I have a awesome booklet that is very informative on these and many other things but I have to make sure I can discriminate this before I post anything. I know you guys understand.

Any question I can answer I will be more than happy to help.
A couple of corrections here.

You apply a tourniquet only as a last resort, or to control the bleeding while you apply clotting agents and pressure dressings unless you have no other means to save someone's life. You tighten it only to the point at which bleeding stops, no more to avoid cutting off blood flow completely an causing the loss of the limb.

If you leave a tight tourniquet on longer than 1 hour, you are going to lose the limb period unless you have not tightened it sufficiently.

In transport the tournequet should be loosed slightly, just enough to be sure there is a little blood flow for one out of each five minutes to avoid tissue death.

I'm not sure where you are getting your information from but it is not accurate.
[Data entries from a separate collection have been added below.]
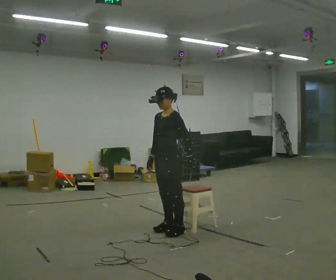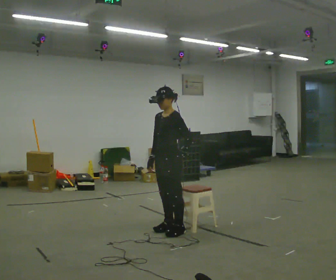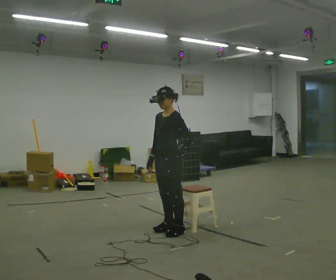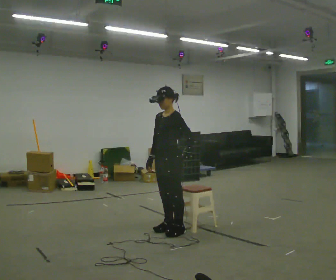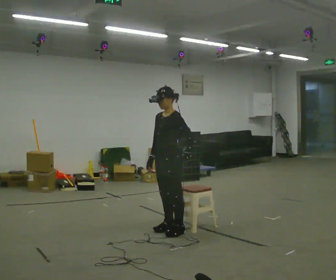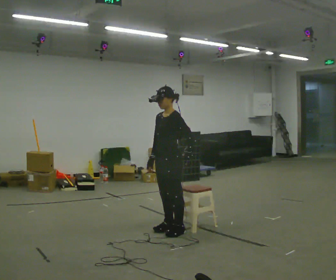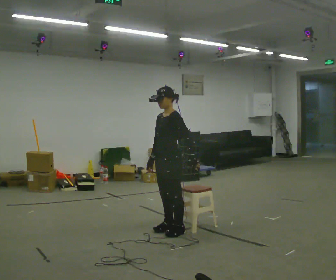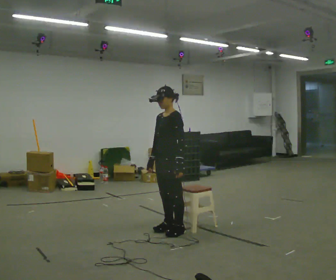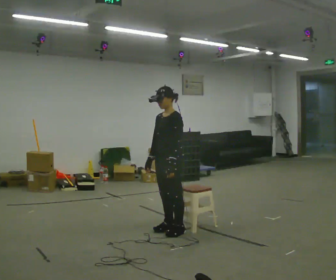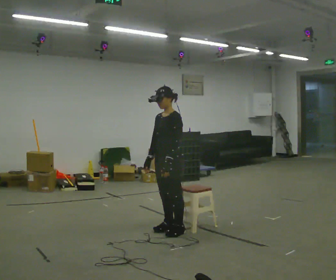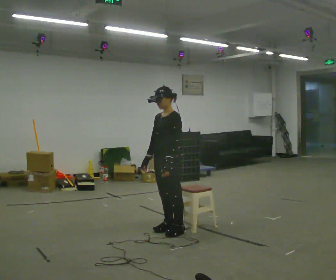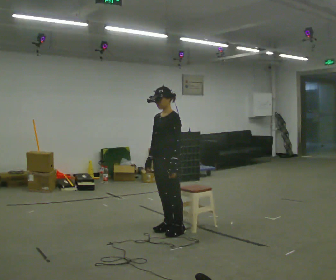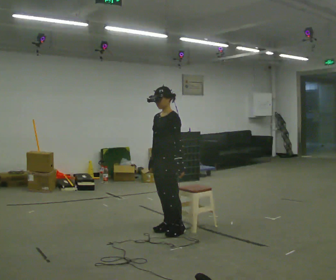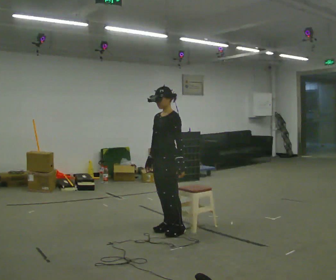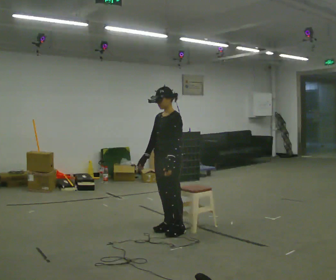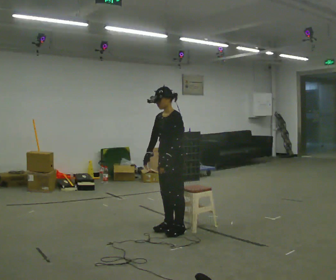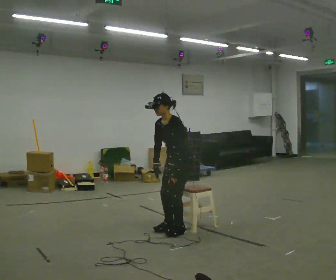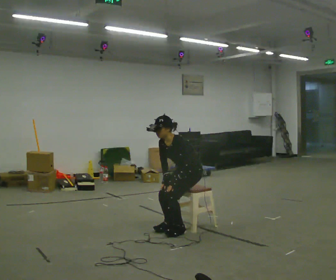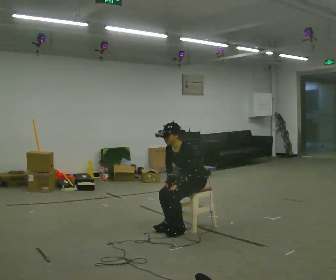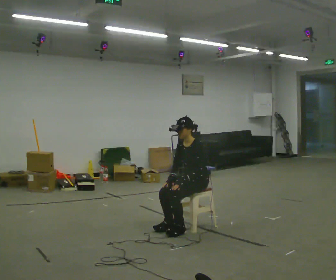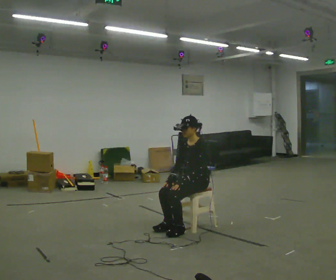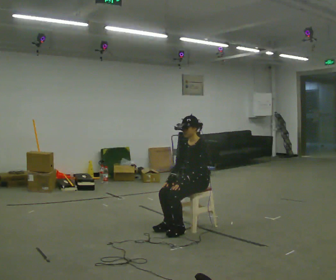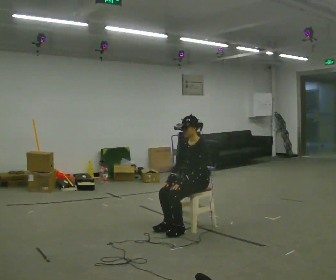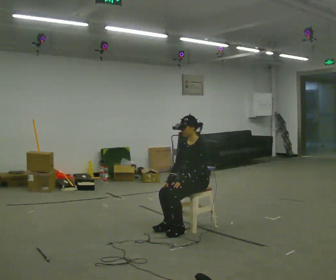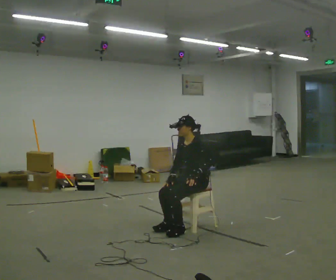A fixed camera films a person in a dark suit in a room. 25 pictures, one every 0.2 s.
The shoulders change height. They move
downward.
0.0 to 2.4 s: The person moves a little, or ends about where they began.
2.4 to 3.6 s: In the picture they go to the right and away from the camera, about 0.25 m, which for them is backward. The shoulders move downward. In the picture the upper body tilts counterclockwise, shoulders to the left, as they bend forward.
3.6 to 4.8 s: The upper body tips away from the camera, its near side rolling upward, as they lean back or straighten.
The film runs backward here.

You cut off the blood flow and the limb dies.

Also, you place it on a pressure point between the wound and the body(Google "Pressure points blood flow") closest to the wound so as to reduce the amount of tissue that may be compromised.

Dead is dead whether it's a finger, arm, leg, or person, and cutting off blood flow for any significant amount of time gurantees death.

Tourniquets (ArmyStudyGuide.com)

Not trying to jump on you here but you have got to be extremely careful about applying a tourniquet or you can easily end up doing far more harm than good.